• [EXERCISE AIM]:
If a record holds a picture, drop the picture and repeat everything else word for word.

BEGIN INPUT DATA

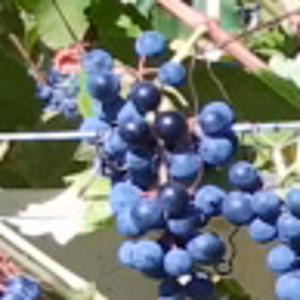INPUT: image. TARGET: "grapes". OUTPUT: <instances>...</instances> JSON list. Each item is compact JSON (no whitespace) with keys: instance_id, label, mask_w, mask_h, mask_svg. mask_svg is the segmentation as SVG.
<instances>
[{"instance_id":"obj_1","label":"grapes","mask_w":300,"mask_h":300,"mask_svg":"<svg viewBox=\"0 0 300 300\" xmlns=\"http://www.w3.org/2000/svg\"><path fill=\"white\" fill-rule=\"evenodd\" d=\"M110 53H85L81 69L94 116L80 122L84 140L98 146L96 166L113 186L109 202L114 232L123 241L124 267L146 278L162 277L161 300H208L225 245L218 234L201 231L223 217L249 226L255 245L275 241L269 267L280 273L273 285L278 300H300V187L279 194L265 189L257 167L236 161L242 147L237 114L226 99L200 105L184 83L183 63L167 60L156 76L130 85L125 96L112 72ZM226 169L233 191L204 185L207 167Z\"/></svg>"},{"instance_id":"obj_2","label":"grapes","mask_w":300,"mask_h":300,"mask_svg":"<svg viewBox=\"0 0 300 300\" xmlns=\"http://www.w3.org/2000/svg\"><path fill=\"white\" fill-rule=\"evenodd\" d=\"M40 295L38 284L30 277L20 275L6 281L0 291V300H37Z\"/></svg>"},{"instance_id":"obj_3","label":"grapes","mask_w":300,"mask_h":300,"mask_svg":"<svg viewBox=\"0 0 300 300\" xmlns=\"http://www.w3.org/2000/svg\"><path fill=\"white\" fill-rule=\"evenodd\" d=\"M168 43L164 35L158 32H145L134 43L136 54L146 59H156L166 53Z\"/></svg>"}]
</instances>
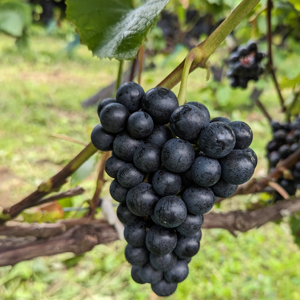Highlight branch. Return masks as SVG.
<instances>
[{
    "mask_svg": "<svg viewBox=\"0 0 300 300\" xmlns=\"http://www.w3.org/2000/svg\"><path fill=\"white\" fill-rule=\"evenodd\" d=\"M260 1L261 0H242L234 10L222 20L218 28L211 33L208 38L196 46L199 48V51L191 64L189 74L198 67H203L206 64L211 54L223 44L233 29L243 22L245 17Z\"/></svg>",
    "mask_w": 300,
    "mask_h": 300,
    "instance_id": "325d2c04",
    "label": "branch"
},
{
    "mask_svg": "<svg viewBox=\"0 0 300 300\" xmlns=\"http://www.w3.org/2000/svg\"><path fill=\"white\" fill-rule=\"evenodd\" d=\"M98 151L99 150L96 149V147H94L90 141L88 145L80 153H78L60 172H58L56 175H53L46 182H41L35 192L16 204L3 209L0 213V224H5L11 221L26 209H32L37 205L49 203L57 199L82 194L83 188L81 186H76L63 193L54 194L45 198V196L50 193L59 192L67 183V178L75 173L84 162H86L90 157H93Z\"/></svg>",
    "mask_w": 300,
    "mask_h": 300,
    "instance_id": "30e6481e",
    "label": "branch"
},
{
    "mask_svg": "<svg viewBox=\"0 0 300 300\" xmlns=\"http://www.w3.org/2000/svg\"><path fill=\"white\" fill-rule=\"evenodd\" d=\"M184 62H185V58L170 74H168L155 87H165L169 90L176 87V85L182 81Z\"/></svg>",
    "mask_w": 300,
    "mask_h": 300,
    "instance_id": "170604dd",
    "label": "branch"
}]
</instances>
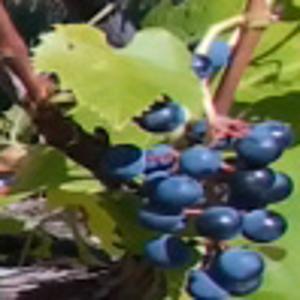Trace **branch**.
Instances as JSON below:
<instances>
[{
  "label": "branch",
  "mask_w": 300,
  "mask_h": 300,
  "mask_svg": "<svg viewBox=\"0 0 300 300\" xmlns=\"http://www.w3.org/2000/svg\"><path fill=\"white\" fill-rule=\"evenodd\" d=\"M0 56L22 82L18 88V106L26 110L42 135L87 170H97L108 142L107 132L98 129L88 135L65 118L54 102L56 83L32 62L27 41L5 2H0Z\"/></svg>",
  "instance_id": "obj_1"
},
{
  "label": "branch",
  "mask_w": 300,
  "mask_h": 300,
  "mask_svg": "<svg viewBox=\"0 0 300 300\" xmlns=\"http://www.w3.org/2000/svg\"><path fill=\"white\" fill-rule=\"evenodd\" d=\"M246 22L243 32L234 47V61L226 70L213 99L217 114L224 115L249 66V59L254 55L260 37L268 27L270 16L269 0H247L244 8Z\"/></svg>",
  "instance_id": "obj_2"
}]
</instances>

END INPUT DATA

• [ANSWER TO THIS PROBLEM]:
INPUT: image. TARGET: "grapes". OUTPUT: <instances>...</instances> JSON list. Each item is compact JSON (no whitespace) with keys: instance_id, label, mask_w, mask_h, mask_svg. mask_svg is the segmentation as SVG.
<instances>
[{"instance_id":"obj_1","label":"grapes","mask_w":300,"mask_h":300,"mask_svg":"<svg viewBox=\"0 0 300 300\" xmlns=\"http://www.w3.org/2000/svg\"><path fill=\"white\" fill-rule=\"evenodd\" d=\"M110 53H85L81 69L94 116L80 122L84 140L98 146L96 166L113 186L109 202L114 232L123 241L124 267L146 278L162 277L161 300H208L225 245L218 234L201 231L223 217L249 226L255 245L275 241L269 267L280 273L273 285L278 300H300V187L279 194L265 189L257 167L236 161L242 147L237 114L226 99L200 105L184 83L183 63L167 60L156 76L130 85L125 96L112 72ZM226 169L233 191L204 185L207 167Z\"/></svg>"},{"instance_id":"obj_2","label":"grapes","mask_w":300,"mask_h":300,"mask_svg":"<svg viewBox=\"0 0 300 300\" xmlns=\"http://www.w3.org/2000/svg\"><path fill=\"white\" fill-rule=\"evenodd\" d=\"M40 295L38 284L30 277L20 275L6 281L0 291V300H37Z\"/></svg>"},{"instance_id":"obj_3","label":"grapes","mask_w":300,"mask_h":300,"mask_svg":"<svg viewBox=\"0 0 300 300\" xmlns=\"http://www.w3.org/2000/svg\"><path fill=\"white\" fill-rule=\"evenodd\" d=\"M168 43L164 35L158 32H145L134 43L136 54L146 59H156L166 53Z\"/></svg>"}]
</instances>
Highlight branch. Return masks as SVG.
<instances>
[{
    "mask_svg": "<svg viewBox=\"0 0 300 300\" xmlns=\"http://www.w3.org/2000/svg\"><path fill=\"white\" fill-rule=\"evenodd\" d=\"M260 1L261 0H242L234 10L222 20L218 28L211 33L208 38L196 46L199 48V51L191 64L189 74L198 67H203L206 64L211 54L223 44L233 29L243 22L245 17Z\"/></svg>",
    "mask_w": 300,
    "mask_h": 300,
    "instance_id": "325d2c04",
    "label": "branch"
},
{
    "mask_svg": "<svg viewBox=\"0 0 300 300\" xmlns=\"http://www.w3.org/2000/svg\"><path fill=\"white\" fill-rule=\"evenodd\" d=\"M98 151L99 150L96 149V147H94L90 141L88 145L80 153H78L60 172H58L56 175H53L46 182H41L35 192L16 204L3 209L0 213V224H5L11 221L26 209H32L37 205L49 203L57 199L82 194L83 188L81 186H76L63 193L54 194L45 198V196L50 193L59 192L67 183V178L75 173L84 162H86L90 157H93Z\"/></svg>",
    "mask_w": 300,
    "mask_h": 300,
    "instance_id": "30e6481e",
    "label": "branch"
},
{
    "mask_svg": "<svg viewBox=\"0 0 300 300\" xmlns=\"http://www.w3.org/2000/svg\"><path fill=\"white\" fill-rule=\"evenodd\" d=\"M184 62H185V58L170 74H168L155 87H165L169 90L176 87V85L182 81Z\"/></svg>",
    "mask_w": 300,
    "mask_h": 300,
    "instance_id": "170604dd",
    "label": "branch"
}]
</instances>
Trace **branch**.
Instances as JSON below:
<instances>
[{
  "label": "branch",
  "mask_w": 300,
  "mask_h": 300,
  "mask_svg": "<svg viewBox=\"0 0 300 300\" xmlns=\"http://www.w3.org/2000/svg\"><path fill=\"white\" fill-rule=\"evenodd\" d=\"M0 56L22 82L18 88V106L26 110L42 135L87 170H97L108 142L107 132L98 129L88 135L65 118L54 102L56 83L32 62L27 41L5 2H0Z\"/></svg>",
  "instance_id": "obj_1"
},
{
  "label": "branch",
  "mask_w": 300,
  "mask_h": 300,
  "mask_svg": "<svg viewBox=\"0 0 300 300\" xmlns=\"http://www.w3.org/2000/svg\"><path fill=\"white\" fill-rule=\"evenodd\" d=\"M246 22L243 32L234 47V61L226 70L213 99L217 114L224 115L249 66V59L254 55L260 37L268 27L270 16L269 0H247L244 8Z\"/></svg>",
  "instance_id": "obj_2"
}]
</instances>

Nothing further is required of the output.